In particular, if the previous is not feasible, I'd be happy to know the answer for the special case $N=\mathbb N$.
$q1^{nat}),\,q2^{nat}),\,q3^{nat})$ All the previous question but for the abelian case $N=\mathbb N$ ($G$ non-abelian).
My attempt${}^\dagger$:
The first trivial consequence is that $f(g,1_G,1_N)=1_G$. Define $f_g(\alpha,x):=f(g,\alpha,x)$. I had no luck deriving identities helpful enough to have a clue of what I'm doing: everything I got was the following
- If $g\in Z(G)$ then $f_{g}:G\times N\to G$ is a group homomorphism because for every $\alpha$ we have $g^\alpha=g$.

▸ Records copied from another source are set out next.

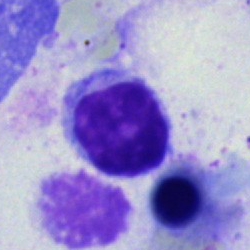 Single-cell crop from a bone marrow smear: typical lymphocyte.
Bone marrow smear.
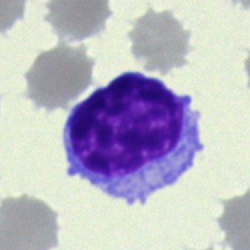
Cell: lymphocyte.
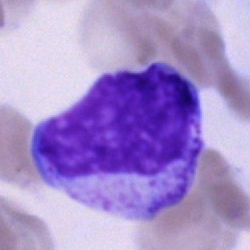 {"cell_type": "cell of indeterminate lineage"}

- For every $g$ the function $\phi_g(x)=f_g(1_G,x)$ is a group homomorphisms $\phi_g:N\to G$;
- In general we have $$f_g(\prod_{i=0}^j\alpha_i,\prod_{i=0}^jx_i)=\left(\prod_{i=1}^jf(g^{\displaystyle \prod_{k=0}^{i-1}\alpha_k},\alpha_i,x_i)\right) f_g(\alpha_0,x_0)$$
- From setting $\alpha=1_G$ I get $f_g(\beta,xy)=f_g(\beta,x)f_g(1_G,y)$ thus $$f_g(\beta,x_0\prod_{i=1}^j x_i)=f_g(\beta,x_0)\prod_{i=1}^j f_g(1_G,x_i)\quad (*)$$ and from that setting $x_0=1_N$ and $\beta=1_G$ one obtains $f_g(1_G,x^j)=f_g(1_g,x)^j$;
- Setting $\beta=1_G$ I get $f_g(\alpha,xy)=f_{g^\alpha}(1_G,x)f_g(\alpha,y)$ thus $$f_g(\alpha,(\prod_{i=1}^j y_i) y_0)=\prod_{i=1}^j f_{g^\alpha}(1_G,y_i)\cdot_G f_g(\alpha,y_0) \quad (**)$$
- Merging the two last eq.s $(*)\land (**)$ $$f_g(\beta,x^{j})=f_g(\beta,1_N)f_g(1_G,x)^j \\f_g(\alpha,x^{j})=f_{g^\alpha}(1_G,x)^jf_g(\alpha,1_N)$$ we obtain $$f_g(\alpha,1_N)f_g(1_G,x)^j=f_{g^\alpha}(1_G,x)^jf_g(\alpha,1_N)\quad(***)$$ thus $$\boxed{f_{g^\alpha}(1_G,x)=f_g(1_G,x)^{f_g(\alpha,1_N)}}$$
Context
I'm not sure if I should omit the context where this kind of equation came up because maybe it has nothing to do with the equation itself. The first equation came up, apparently, while enforcing the functoriality conditions of the component on arrows $F_1=f$ of an arbitrary functor $F\in[G^N\times N,G]$. At first I hoped I could parametrize the solution set of the f.eq. using the fact that $[G^N\times N,G]\simeq{\rm End}_{\bf cat}(G^N)$ as categories. I failed to compute one functor from the other establishing the bijection. Anyways establishing this probably wasn't going to answer $q1)$ and $q2)$.
Quick answer; these are actually semi-direct products; but weird ones.
And you are looking for homomorphisms,
$$ f : G \rtimes_{g^\alpha} N \to G\\ $$
Typically one has that $g^\alpha$ would be an isomorphism which depends on $N$ and not $G$. However, (if?) you can take a homomorphism from $N\to G$ this is equivalent.